NBC Orders DEBRIS, a Series About Destroyed Alien Spacecraft

It looks like we might have a new X-Files-type series for the 21st century to capture our imaginations. Variety is reporting that NBC has ordered the drama pilot called Debris for the 2020-2021 season. This new series follows two agents from two different continents, and two different mindsets. They must work together to investigate when wreckage from a destroyed alien spacecraft begins to have mysterious effects on humankind.

The series is coming to us from writer and executive producer Joel Wyman and executive producer Jason Hoffs. Legendary Television will produce. Many Sci-fi fans will know Joel Wyman from his work on shows such as Fringe and Almost Human.

The original newspaper account of the supposed UFO crash in Roswell, New Mexico in 1947.

New Mexico.gov

Supposed UFO crashes and alien debris have fascinated us all since a little incident in Roswell, New Mexico back in 1947 that you might have heard about. The media quickly debunked that incident as a hoax. However, decades later people involved in the finding of supposed alien debris there came forward to tell their story. More and more people from the small military town began to tell of their personal experiences, and the Roswell incident became an urban legend. Add to that the huge rash of UFO sightings in the 1950s and onward; many of us became convinced that the government was hiding something of extraordinary significance from the public.

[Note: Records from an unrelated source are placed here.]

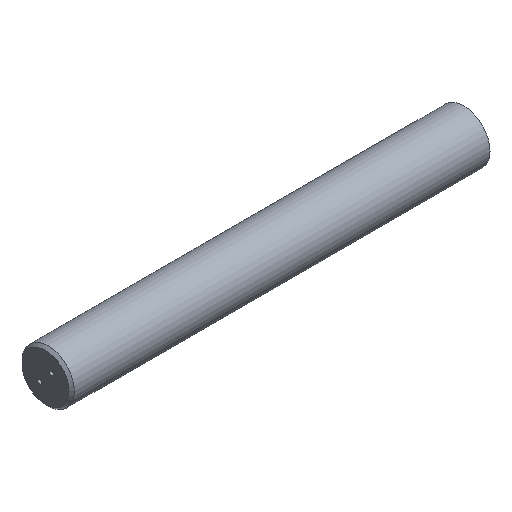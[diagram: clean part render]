
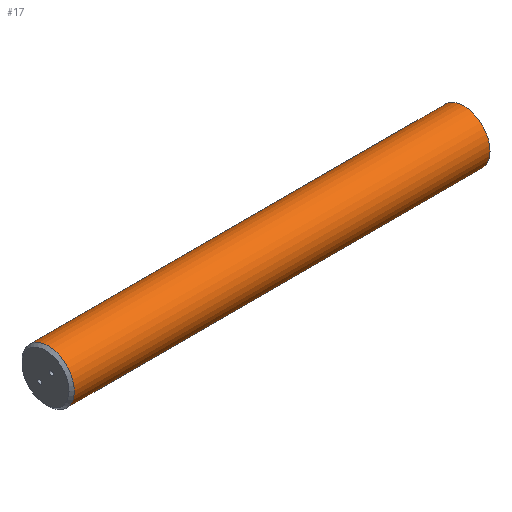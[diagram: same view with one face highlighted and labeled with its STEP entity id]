
A CAD part, isometric view. The second image highlights one B-rep face of the part: STEP entity #17.
In plain terms, the highlighted cylindrical face has radius 7.5 mm (diameter 15 mm), a full revolution.
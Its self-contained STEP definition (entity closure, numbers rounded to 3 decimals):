
#17 = ADVANCED_FACE('',(#18),#32,.T.);
#18 = FACE_BOUND('',#19,.T.);
#19 = EDGE_LOOP('',(#20,#50,#77,#78));
#20 = ORIENTED_EDGE('',*,*,#21,.T.);
#21 = EDGE_CURVE('',#22,#24,#26,.T.);
#22 = VERTEX_POINT('',#23);
#23 = CARTESIAN_POINT('',(0.,7.5,0.));
#24 = VERTEX_POINT('',#25);
#25 = CARTESIAN_POINT('',(-119.25,7.5,0.));
#26 = SEAM_CURVE('',#27,(#31,#43),.PCURVE_S1.);
#27 = LINE('',#28,#29);
#28 = CARTESIAN_POINT('',(0.,7.5,0.));
#29 = VECTOR('',#30,1.);
#30 = DIRECTION('',(-1.,-0.,-0.));
#31 = PCURVE('',#32,#37);
#32 = CYLINDRICAL_SURFACE('',#33,7.5);
#33 = AXIS2_PLACEMENT_3D('',#34,#35,#36);
#34 = CARTESIAN_POINT('',(0.,0.,0.));
#35 = DIRECTION('',(1.,0.,0.));
#36 = DIRECTION('',(0.,1.,0.));
#37 = DEFINITIONAL_REPRESENTATION('',(#38),#42);
#38 = LINE('',#39,#40);
#39 = CARTESIAN_POINT('',(0.,0.));
#40 = VECTOR('',#41,1.);
#41 = DIRECTION('',(0.,-1.));
#42 = ( GEOMETRIC_REPRESENTATION_CONTEXT(2) 
PARAMETRIC_REPRESENTATION_CONTEXT() REPRESENTATION_CONTEXT('2D SPACE',''
  ) );
#43 = PCURVE('',#32,#44);
#44 = DEFINITIONAL_REPRESENTATION('',(#45),#49);
#45 = LINE('',#46,#47);
#46 = CARTESIAN_POINT('',(6.283,0.));
#47 = VECTOR('',#48,1.);
#48 = DIRECTION('',(0.,-1.));
#49 = ( GEOMETRIC_REPRESENTATION_CONTEXT(2) 
PARAMETRIC_REPRESENTATION_CONTEXT() REPRESENTATION_CONTEXT('2D SPACE',''
  ) );
#50 = ORIENTED_EDGE('',*,*,#51,.T.);
#51 = EDGE_CURVE('',#24,#24,#52,.T.);
#52 = SURFACE_CURVE('',#53,(#58,#65),.PCURVE_S1.);
#53 = CIRCLE('',#54,7.5);
#54 = AXIS2_PLACEMENT_3D('',#55,#56,#57);
#55 = CARTESIAN_POINT('',(-119.25,0.,0.));
#56 = DIRECTION('',(1.,0.,0.));
#57 = DIRECTION('',(-0.,1.,0.));
#58 = PCURVE('',#32,#59);
#59 = DEFINITIONAL_REPRESENTATION('',(#60),#64);
#60 = LINE('',#61,#62);
#61 = CARTESIAN_POINT('',(0.,-119.25));
#62 = VECTOR('',#63,1.);
#63 = DIRECTION('',(1.,0.));
#64 = ( GEOMETRIC_REPRESENTATION_CONTEXT(2) 
PARAMETRIC_REPRESENTATION_CONTEXT() REPRESENTATION_CONTEXT('2D SPACE',''
  ) );
#65 = PCURVE('',#66,#71);
#66 = CONICAL_SURFACE('',#67,7.5,0.785);
#67 = AXIS2_PLACEMENT_3D('',#68,#69,#70);
#68 = CARTESIAN_POINT('',(-119.25,0.,0.));
#69 = DIRECTION('',(1.,0.,0.));
#70 = DIRECTION('',(-0.,1.,0.));
#71 = DEFINITIONAL_REPRESENTATION('',(#72),#76);
#72 = LINE('',#73,#74);
#73 = CARTESIAN_POINT('',(0.,-0.));
#74 = VECTOR('',#75,1.);
#75 = DIRECTION('',(1.,-0.));
#76 = ( GEOMETRIC_REPRESENTATION_CONTEXT(2) 
PARAMETRIC_REPRESENTATION_CONTEXT() REPRESENTATION_CONTEXT('2D SPACE',''
  ) );
#77 = ORIENTED_EDGE('',*,*,#21,.F.);
#78 = ORIENTED_EDGE('',*,*,#79,.F.);
#79 = EDGE_CURVE('',#22,#22,#80,.T.);
#80 = SURFACE_CURVE('',#81,(#86,#93),.PCURVE_S1.);
#81 = CIRCLE('',#82,7.5);
#82 = AXIS2_PLACEMENT_3D('',#83,#84,#85);
#83 = CARTESIAN_POINT('',(0.,0.,0.));
#84 = DIRECTION('',(1.,0.,0.));
#85 = DIRECTION('',(0.,1.,0.));
#86 = PCURVE('',#32,#87);
#87 = DEFINITIONAL_REPRESENTATION('',(#88),#92);
#88 = LINE('',#89,#90);
#89 = CARTESIAN_POINT('',(0.,0.));
#90 = VECTOR('',#91,1.);
#91 = DIRECTION('',(1.,0.));
#92 = ( GEOMETRIC_REPRESENTATION_CONTEXT(2) 
PARAMETRIC_REPRESENTATION_CONTEXT() REPRESENTATION_CONTEXT('2D SPACE',''
  ) );
#93 = PCURVE('',#94,#99);
#94 = PLANE('',#95);
#95 = AXIS2_PLACEMENT_3D('',#96,#97,#98);
#96 = CARTESIAN_POINT('',(0.,0.,0.));
#97 = DIRECTION('',(1.,0.,0.));
#98 = DIRECTION('',(-0.,0.,1.));
#99 = DEFINITIONAL_REPRESENTATION('',(#100),#104);
#100 = CIRCLE('',#101,7.5);
#101 = AXIS2_PLACEMENT_2D('',#102,#103);
#102 = CARTESIAN_POINT('',(0.,0.));
#103 = DIRECTION('',(0.,-1.));
#104 = ( GEOMETRIC_REPRESENTATION_CONTEXT(2) 
PARAMETRIC_REPRESENTATION_CONTEXT() REPRESENTATION_CONTEXT('2D SPACE',''
  ) );

The I Want to Believe poster in Mulder's office on X-Files decorated many a dorm room in the '90s.

Twentieth Century Fox

This all kicked into high gear in the late ’70s, with the arrival of television shows like In Search Of,  a documentary series hosted by Leonard Nimoy about unexplained phenomena, and movies like Steven Spielberg’s Close Encounters of the Third Kind. For many years, people truly believed that the meeting between an alien mothership and the United States government was based on true events. The show Unsolved Mysteries also added to the fervor. Believing in UFOs and crashed alien spacecraft went from being unbelievable just a few years earlier, to something many people just accepted as fact.

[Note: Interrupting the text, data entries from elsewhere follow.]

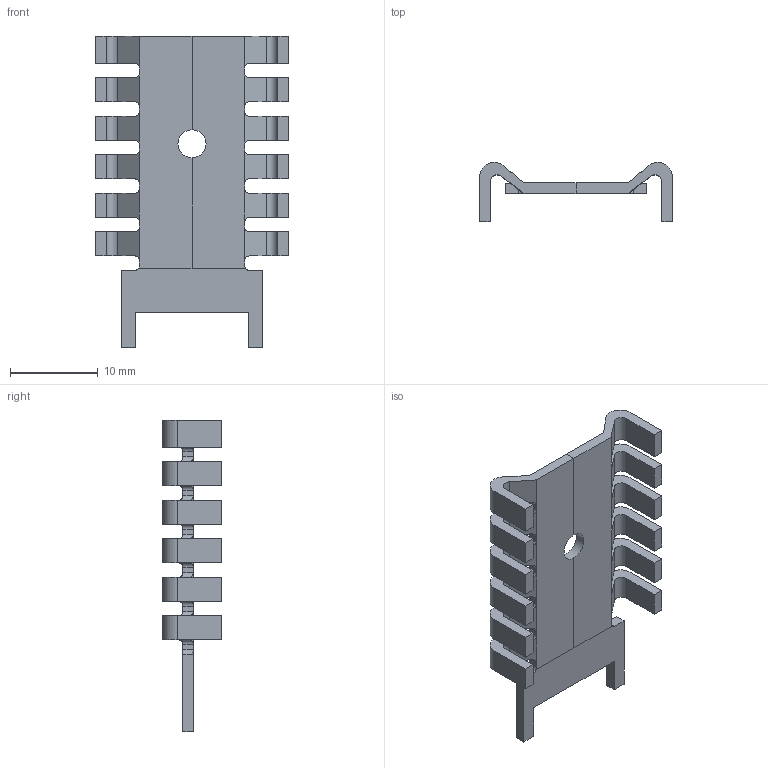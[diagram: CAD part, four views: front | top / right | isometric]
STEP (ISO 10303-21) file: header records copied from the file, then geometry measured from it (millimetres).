
FILE_DESCRIPTION(('FreeCAD Model'),'2;1');
FILE_NAME('FK218.stp', '2014-10-20T23:02:35',('FreeCAD'),('FreeCAD'), 'Open CASCADE STEP processor 6.6','FreeCAD','Unknown');
FILE_SCHEMA(('AUTOMOTIVE_DESIGN_CC2 { 1 2 10303 214 -1 1 5 4 }'));
Length unit declared in the file: millimetre
Products named in the file (1): Cut
Bounding box: 22 x 6.71 x 35.6 mm (x, y, z)
Volume: 911.6 mm3; surface area: 1970.6 mm2
Topology: 1 solids, 1 shells, 168 faces, 450 edges, 282 vertices
Faces by surface type: plane 119, cylinder 49
Full cylindrical faces by diameter (mm): 3.2 x1
Entity records: 11190 total; most frequent: CARTESIAN_POINT 2623, DIRECTION 1473, ORIENTED_EDGE 900, PCURVE 900, DEFINITIONAL_REPRESENTATION 900, LINE 850, VECTOR 850, EDGE_CURVE 450

With the advent of these films and TV shows, people around the world just began to accept the idea that aliens were indeed visiting us. And that is was very likely that the governments of the world probably knew all about it and were covering it up. This narrative led to the enormous success of TV series like the X-Files and Roswell in the ’90s, and continues on to this day with shows like History Channel’s Project Blue Book and Roswell, New Mexico.

It is quite possible that Debris will continue our collective cultural fascination with UFOs and mysterious alien findings. Certainly there hasn’t been something of this nature on network TV for a long time, and the time is right for it. Whether or not Debris is based on real-life accounts or is entirely fictional remains to be seen. But there are certainly plenty of true stories from rank and file civilians to former government officials about their experiences with finding supposed alien technology worthy of many season of television.